(Data listing begins)
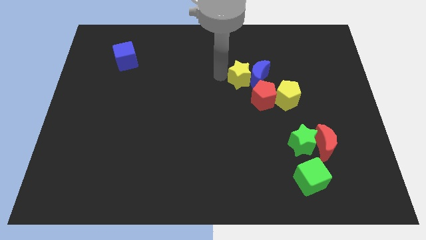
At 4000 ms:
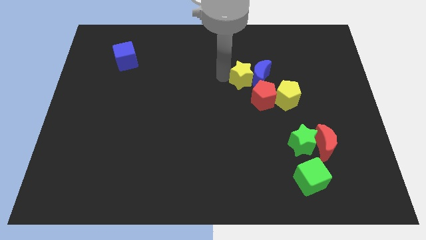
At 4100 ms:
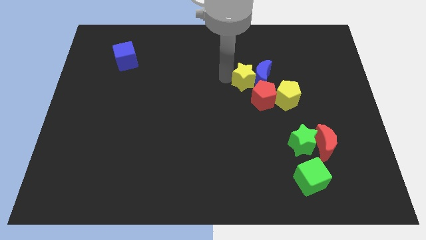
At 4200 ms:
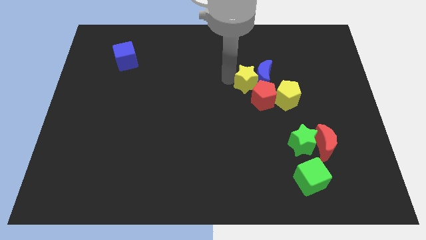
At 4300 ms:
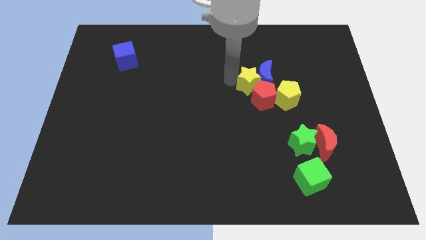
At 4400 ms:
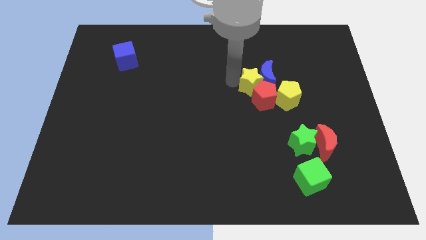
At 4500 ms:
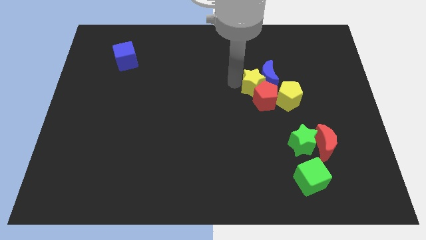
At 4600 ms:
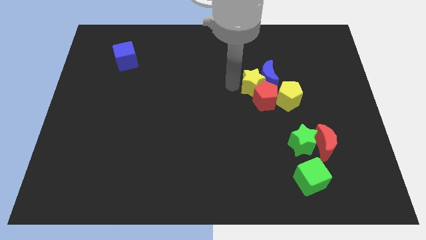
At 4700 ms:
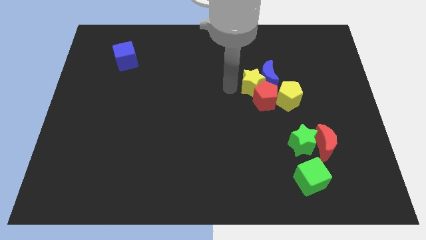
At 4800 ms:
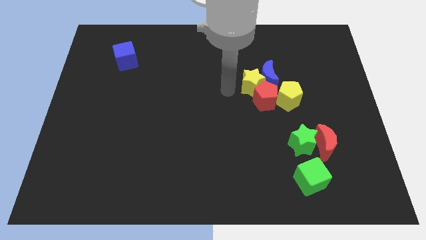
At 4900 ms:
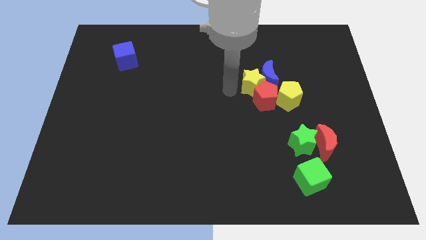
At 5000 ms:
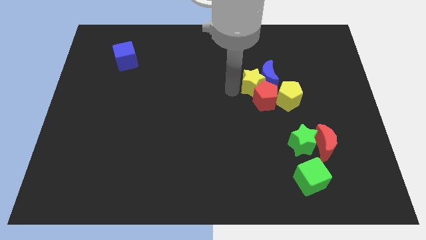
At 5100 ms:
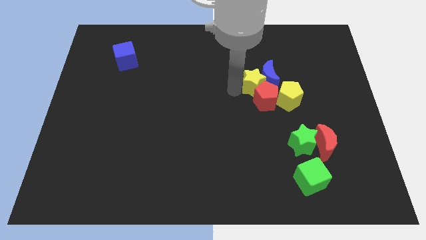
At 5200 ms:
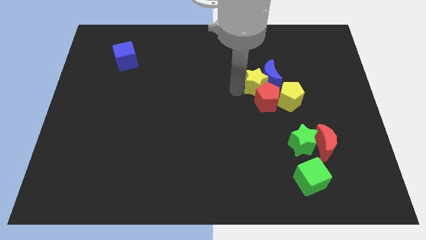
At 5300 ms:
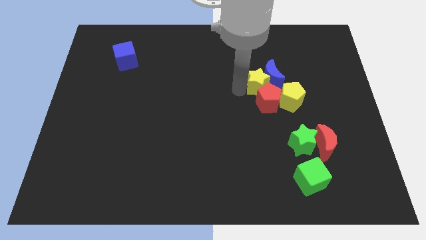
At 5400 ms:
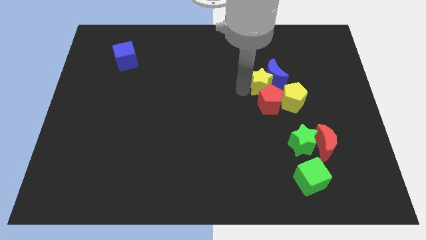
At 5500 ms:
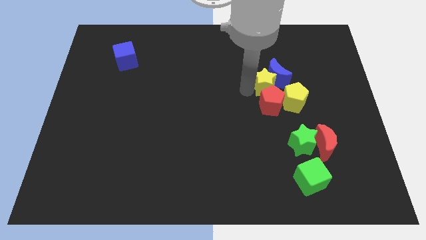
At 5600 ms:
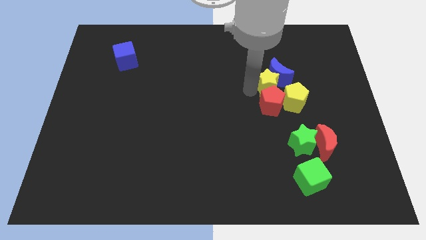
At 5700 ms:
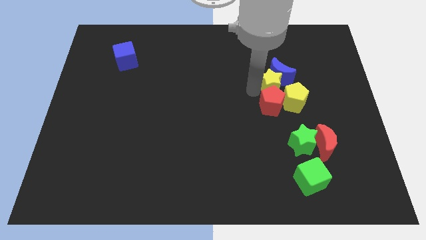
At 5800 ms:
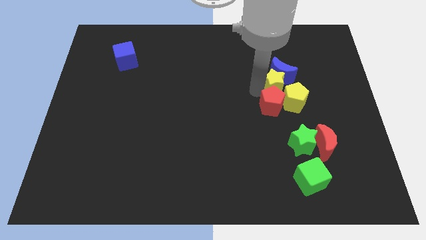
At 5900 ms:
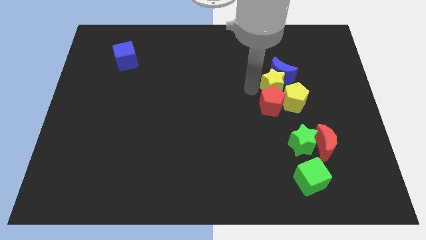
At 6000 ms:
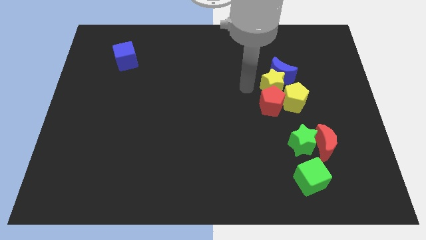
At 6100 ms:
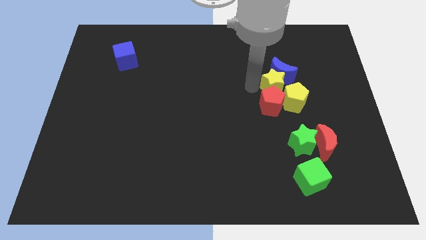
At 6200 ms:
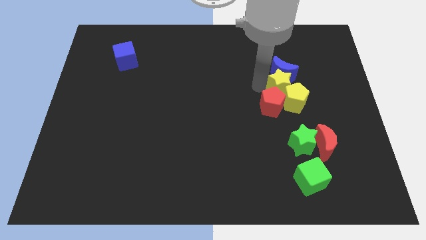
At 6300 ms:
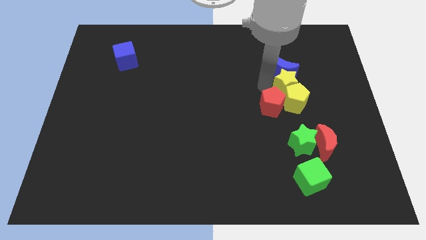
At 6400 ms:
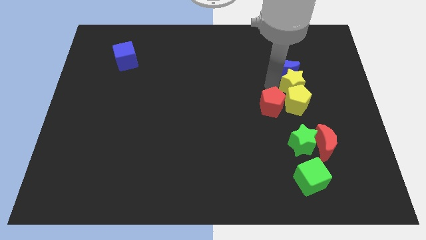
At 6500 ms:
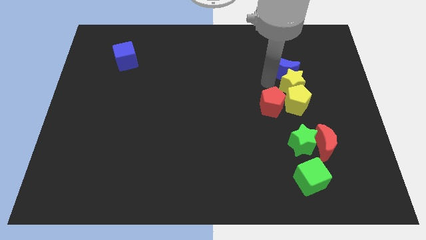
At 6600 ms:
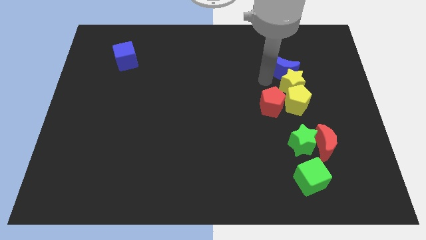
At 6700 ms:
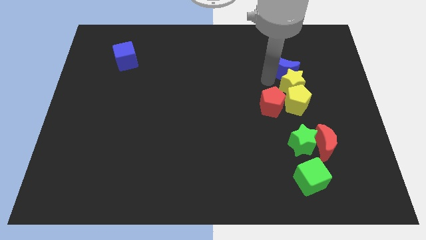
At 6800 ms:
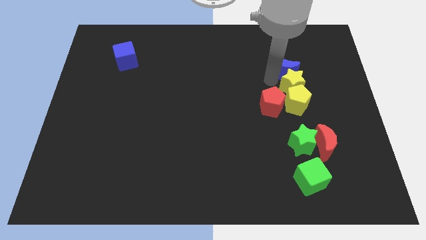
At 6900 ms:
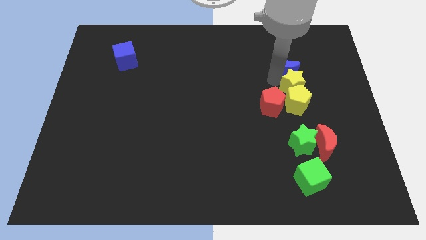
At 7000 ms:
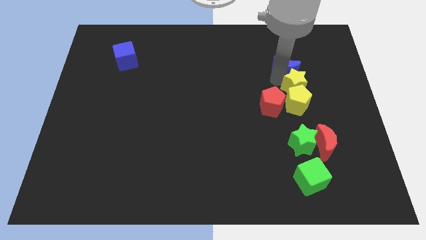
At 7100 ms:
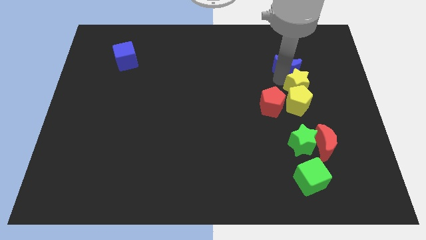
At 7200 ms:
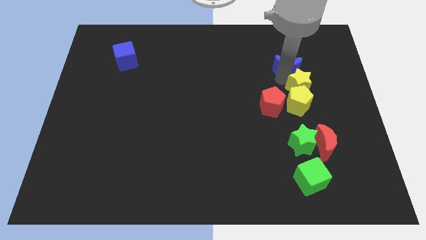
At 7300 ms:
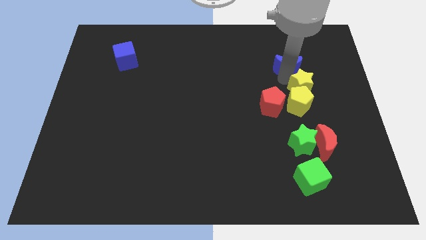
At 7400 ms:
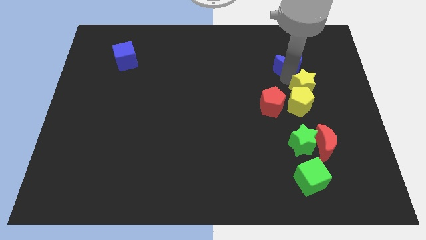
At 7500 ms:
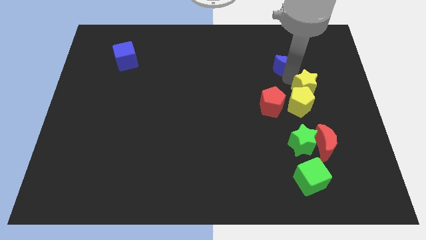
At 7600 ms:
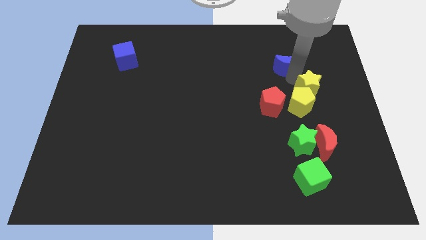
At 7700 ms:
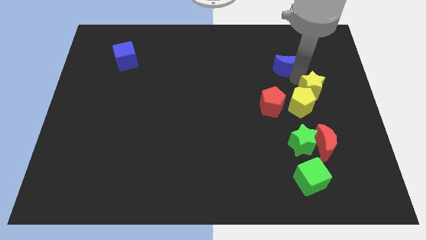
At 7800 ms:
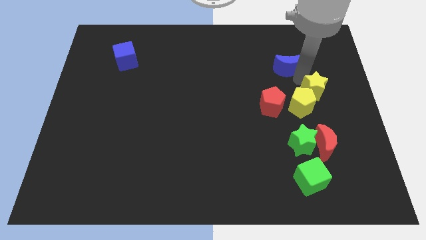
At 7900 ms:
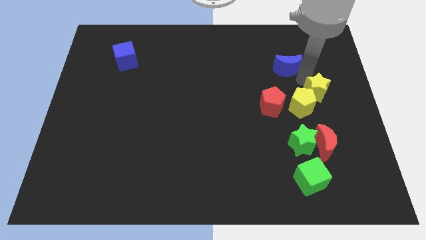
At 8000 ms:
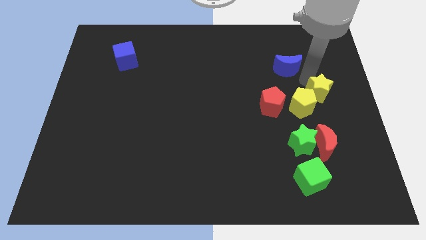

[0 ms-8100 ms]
(Data listing ends)
- [Required action]: Every line of the material must be repeated exactly; pictures stay out.

- [Answer to the problem]:
At 4000 ms:
At 4100 ms:
At 4200 ms:
At 4300 ms:
At 4400 ms:
At 4500 ms:
At 4600 ms:
At 4700 ms:
At 4800 ms:
At 4900 ms:
At 5000 ms:
At 5100 ms:
At 5200 ms:
At 5300 ms:
At 5400 ms:
At 5500 ms:
At 5600 ms:
At 5700 ms:
At 5800 ms:
At 5900 ms:
At 6000 ms:
At 6100 ms:
At 6200 ms:
At 6300 ms:
At 6400 ms:
At 6500 ms:
At 6600 ms:
At 6700 ms:
At 6800 ms:
At 6900 ms:
At 7000 ms:
At 7100 ms:
At 7200 ms:
At 7300 ms:
At 7400 ms:
At 7500 ms:
At 7600 ms:
At 7700 ms:
At 7800 ms:
At 7900 ms:
At 8000 ms:

[0 ms-8100 ms]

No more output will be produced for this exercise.